But Dutch history, like all history, is woven from pragmatism and myth. When the Spanish grip tightened in the 16th century, William of Orange did the unthinkable: he reached out to the Muslim Ottoman Empire for help. “Liever Turks dan Paaps”-Rather Turkish than Papist-became the rebels’ cry. Better to ally with the unknown than submit to the suffocating embrace of familiar tyranny.

The Ottomans responded not with sermons but with ships, harassing Spanish trade and giving the Dutch rebels the breathing room they desperately needed. It was a lesson in survival through pluralism, not purity- a willingness to make common cause with the “other” when the stakes demanded it.

Fast-forward to 2025 in America. There is no Queen’s Day, no ritual of orange unity, and no monarch to serve as a living symbol above the fray. Instead, there’s Thanksgiving, a day when the country gathers around a turkey, a bird with no real connection to Turkey the nation but every connection to the American appetite for mythmaking.
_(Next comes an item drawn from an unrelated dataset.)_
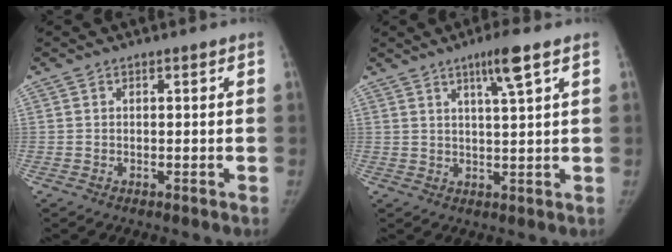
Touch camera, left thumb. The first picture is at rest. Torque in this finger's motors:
{"motor_torque": [0.85, 0.11, 0.59, -0.40, 0.17]}

In a land without queens or kings (unless you count Snoop Dogg or Taylor Swift), Thanksgiving is their “Turkish Day”: a secular sacrament of gratitude, family, and a conveniently edited history. Like the Queen’s (now King’s) Day date, the turkey is a symbol chosen as much for what it isn’t as for what it is.

And then there’s the modern mythmaker-in-chief.

Who could forget the Italian translator’s astonishment when President Trump, with his signature bravado (read ignorance), declared America’s “thousands of years” of good relations with Italy? In that moment, centuries collapsed, Rome and Washington shook hands across the ages, and the myth was born anew, leaving translators and the rest of us somewhere between laughter and existential crisis.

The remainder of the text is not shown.